# new show "king of dirt"



## banshee67 (Apr 28, 2011)

so has anyone caught this new show on the DIY network?
King Of Dirt
its about 2 brothers who own a landscaping company in NJ

every episode, the one brother makes it a mission to completely hack the #### out of one of the homeowners nicest trees

one episode his little husky wouldnt start, so he couldnt hack up the big old maple he had planned on trimming., so whats he do? he grabs his sawzall with an extra long blade. he starts trimming 12"+ limbs off this maple with it. no undercut, bark peeling everywhere. just hacking the hell out of this thing, good stuff

last episode i saw they are taking down a small pine in someones back yard..they ditched the husky and bought themselves a small stihl
his younger brother (the chainsaw expert ) instructs him how to "cut a V out first" .. he then follows through with the bob villa technique of putting the back cut about 2 feet above the "V".. his brother yells at him.. he moves his cut down about 3" and continues... 
then after its on the ground,the same guy (gino) that didnt even know to notch it on the front first, he goes on to explain exactly how to fell trees, and the purpose of the skilled cuts he was making like he just got done cutting a 200ft spruce

other than hacking the hell out of nice trees with sawzalls and chainsaws, his favorite past time is running over beautiful ornamental cherries and japanese maples with his skid steer
one episode the homeowner is pleading with him to leave the nice wheeping cherry alone, they love it, whats he do? runs it over with his skid steer.. fails as usual, as the machine is way too small , gets a backhoe and digs it out.. only to replant another one about 2 feet away from where that one was.. 
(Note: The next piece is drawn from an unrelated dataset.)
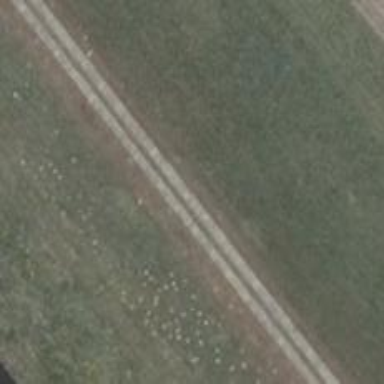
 made of concrete plates and embankments alongside."
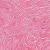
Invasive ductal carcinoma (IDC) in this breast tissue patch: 0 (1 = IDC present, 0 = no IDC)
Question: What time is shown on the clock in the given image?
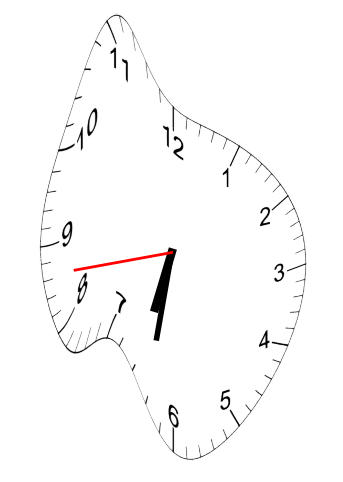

one episode he actually "saved" a beautiful japanese maple, he even hired a certified arborist to help with the transplant, it wasnt very large, and he said it cost them $2000 to transplant it!? they dug it up with shovels by hand, and moved it to the back yard..

you guys really gotta check it out.. good entertainment for sure


----------



## w8ye (Apr 28, 2011)

Comes on 11:30 PM and 2:30 Am Eastern time tonight


----------



## LumberjkChamp (Apr 28, 2011)

Can I watch online episodes? I don't have cable or dish. This show sounds even better than Ax Men (better, meaning it sounds worse). 

I like how you referenced the Bob Villa felling technique. Classic stuff. What a hack.


----------



## w8ye (Apr 29, 2011)

I didn't see any on line stuff?

The King of Dirt : Gino Panaro : DIY Network


----------